One to Watch: New Zealand 1,500m runner Nick Willis

The athlete is more relaxed yet also more motivated at his fourth Olympic Games

New Zealand’s Nick Willis: “In Rio it’s just about getting down to business and trying to make amends for London.” Photograph: Streeter Lecka/Getty Images

New Zealand’s Nick Willis: “In Rio it’s just about getting down to business and trying to make amends for London.” Photograph: Streeter Lecka/Getty Images

 

There is something particularly heroic about the Olympian who keeps coming back for more, although in the event still billed as the blue ribbon of track and field, sometimes it’s harder to stay away.

For Nick Willis from New Zealand there is also further motivation: not since John Walker, who won the 1,500m in Montreal in 1976, have they had a proper medal challenger. This, after all, is also the country that produced the likes of Peter Snell, who won gold in Tokyo in 1964. Willis is now poised to become the first New Zealand athlete to compete in four Olympics.

Some people might say the Olympic 1,500m is no longer the event it once was (although try telling that to Ronnie Delany). It has probably endured something of a fall from grace in recent years. This was not helped by the disqualification of the Beijing 2008 gold medal winner Rashid Ramzi from Bahrain. He was later stripped of that medal for failing a doping test, having made something of a mockery of the event to begin with, such as flagrantly bizarre and unreal race tactics.
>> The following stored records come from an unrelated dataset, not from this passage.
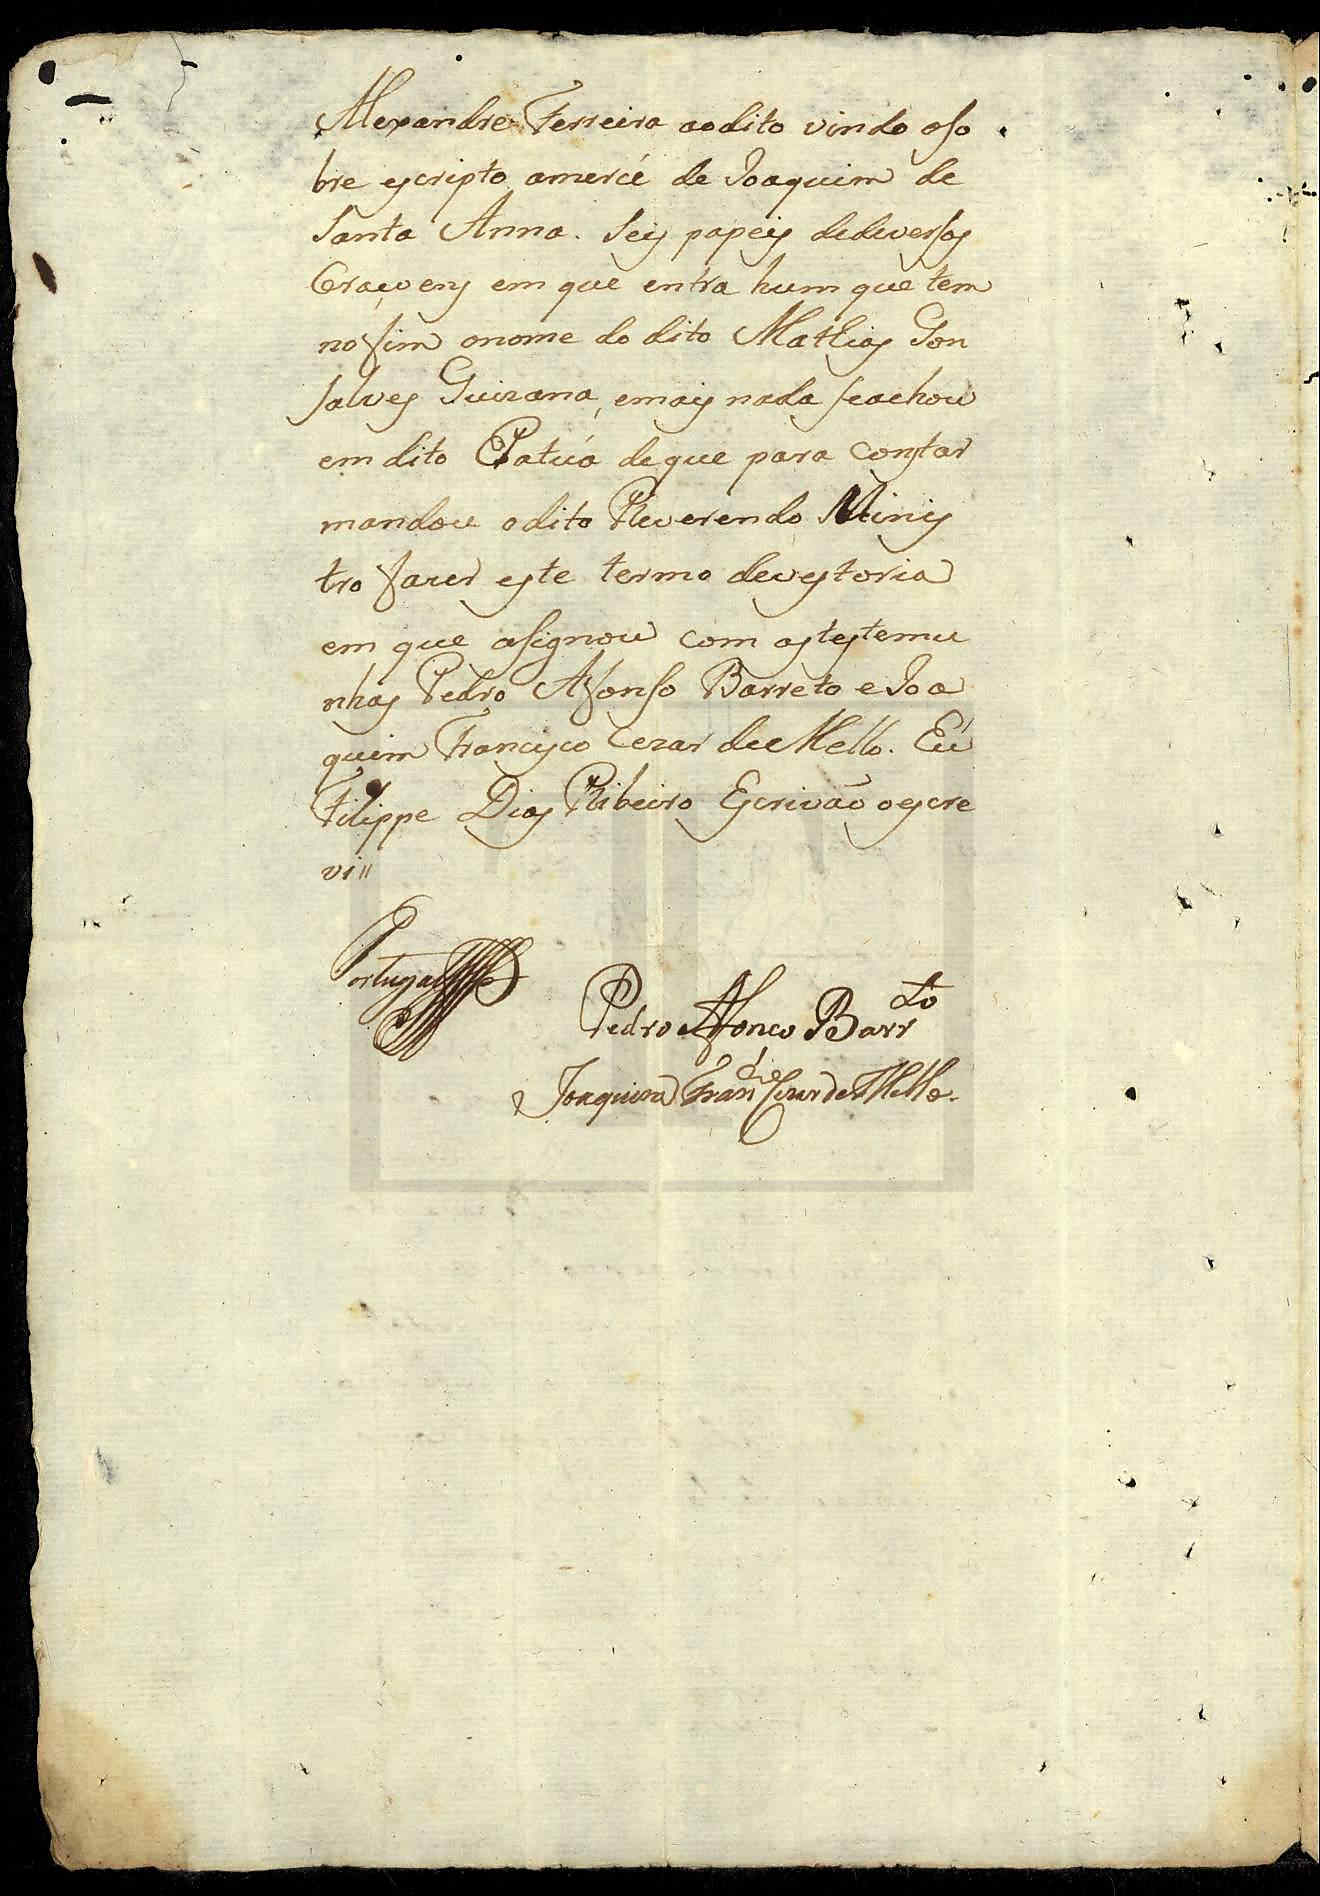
Alexandre Ferreira ao dito vindo o so
bre escripto a mercé de Ioaquim de
Santa Anna. seis papeis de deversas
Oraçoens em que entra hum que tem
no fim o nome do dito Mathias Gon
Salves Guizana, e mais nada se achou
em dito Patuá de que para constar
mandou o dito Reverendo Minis
tro fazer este termo de vestoria
em que asignou com as testemu
nhas Pedro Afonso Barreto, e Ioa
quim Francisco Cezar de Mello. Eu
Filippe Dias Ribeiro Escrivaõ o escre
vi //
Portugal
Pedro Afonso Barr.to
Joaquim Fran.co Cezar de Mello

Willis finished third in the race but was later upgraded to silver. He has always been outspoken and suitably critical of drug cheats throughout his career, not just after Beijing, but more recently too. The fact that the world record in this event of 3:26.00 was achieved by Hicham El Guerrouj of Morocco back in 1998 may or may not be a good sign, and indeed whether or not it can still be considered the blue ribbon event, that traditional old sign of the highest possible quality remains.

Stronger athlete

Since the birth of his first child, Lachlan, in 2013, he has re-emerged a stronger, more motivated athlete. In 2014, he dipped 0.09 seconds below the magic 3:30-mark, and in a world class Commonwealth Games 1,500m final, won a second successive bronze.

The 1,500m heats get under way in the Olympic Stadium today (2.30pm Irish time), and Willis admits he is already a bit more relaxed about these Games, having been chosen to carry the New Zealand flag in the London 2012 opening ceremony.

“Being the flag-bearer there was a lot of focus on that [London],” he says,’’ “and I was still trying to figure my way at the first couple of Games. So in Rio it’s just about getting down to business and trying to make amends for what I thought was a disappointing performance in London.”

He has already showed signs of his 2008 form, finally enjoying some success at the World Indoor Championships in Oregon, earlier this year, where he won the bronze medal.

New Zealand is also often compared to Ireland in Olympic terms, given similar populations and sporting interest, although sadly there’s no Irish men’s interest in the event in Rio. So he’s worth following.

Inspiring

Julian Matthews

“At the recent World Indoor Championships, many of the Americans were supporting Nick over their own. That’s the kind of impact he’s made.”

Still, the gold medal favourite remains reigning world champion Asbel Kiprop from Kenya, who was promoted to gold back in 2008. Kiprop looked unbeatable all season, until the Monaco Diamond League, when he finished sixth in a race won by compatriot Ronald Kwemoi, also a potential medallist in Rio

It’s a rare thing for a non-African to win a medal in the 1,500m, but Willis is among them. American Matt Centrowitz is another exception and he is also back again hoping to break that dominance.